═════ Data for processing ═════

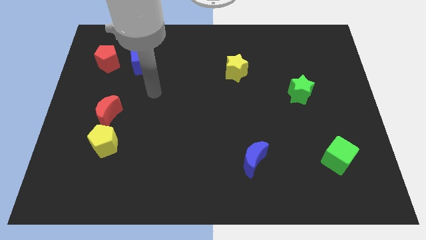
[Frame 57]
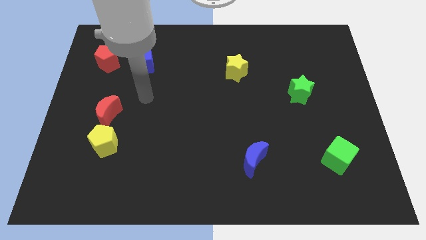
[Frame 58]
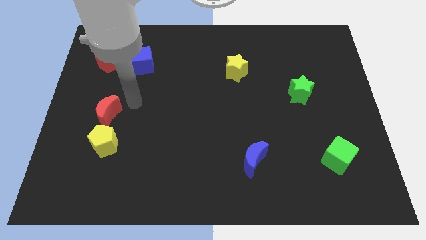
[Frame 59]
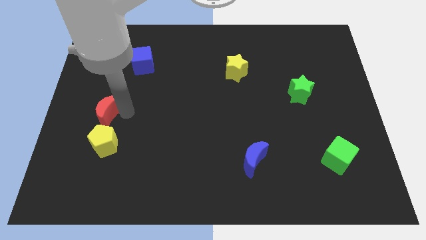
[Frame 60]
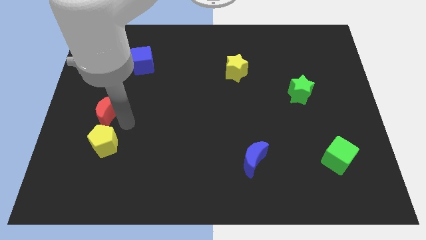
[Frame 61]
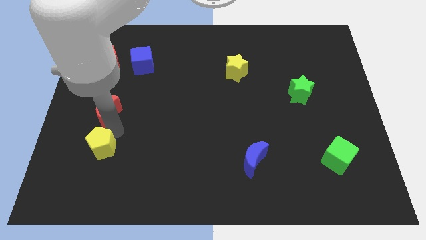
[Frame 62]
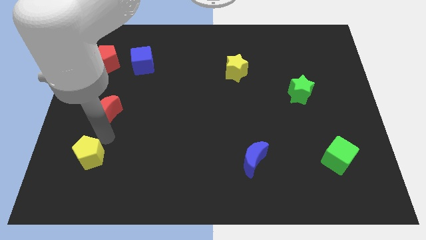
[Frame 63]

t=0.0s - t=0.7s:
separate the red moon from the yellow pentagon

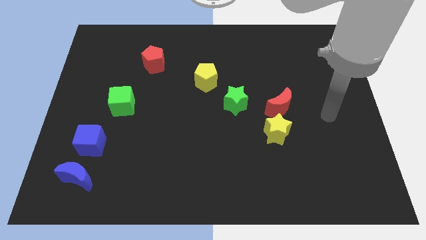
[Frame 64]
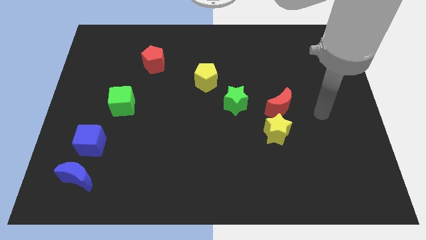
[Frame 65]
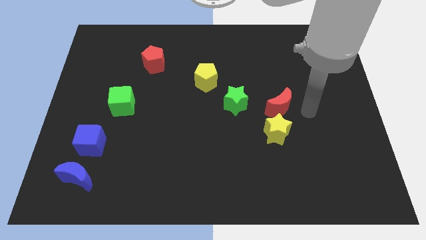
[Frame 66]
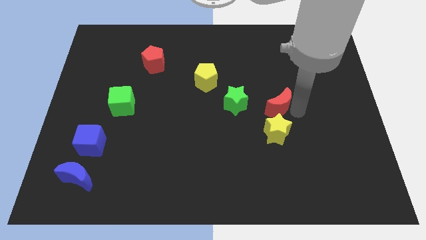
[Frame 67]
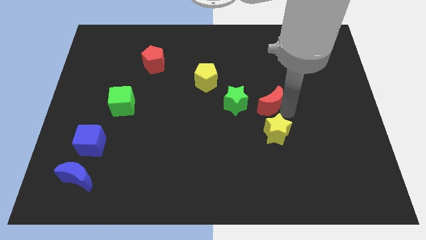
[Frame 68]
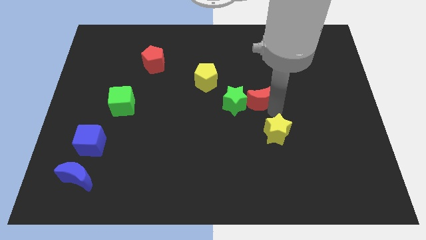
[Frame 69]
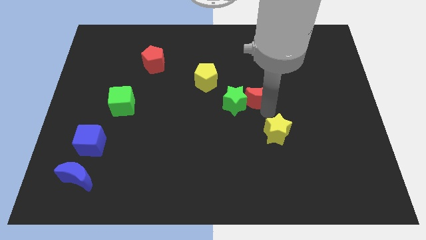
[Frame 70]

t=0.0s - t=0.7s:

═════

#### Your objective:
Reproduce the material above in full, images excluded.

#### Exercise solution:
[Frame 57]
[Frame 58]
[Frame 59]
[Frame 60]
[Frame 61]
[Frame 62]
[Frame 63]

t=0.0s - t=0.7s:
separate the red moon from the yellow pentagon

[Frame 64]
[Frame 65]
[Frame 66]
[Frame 67]
[Frame 68]
[Frame 69]
[Frame 70]

t=0.0s - t=0.7s:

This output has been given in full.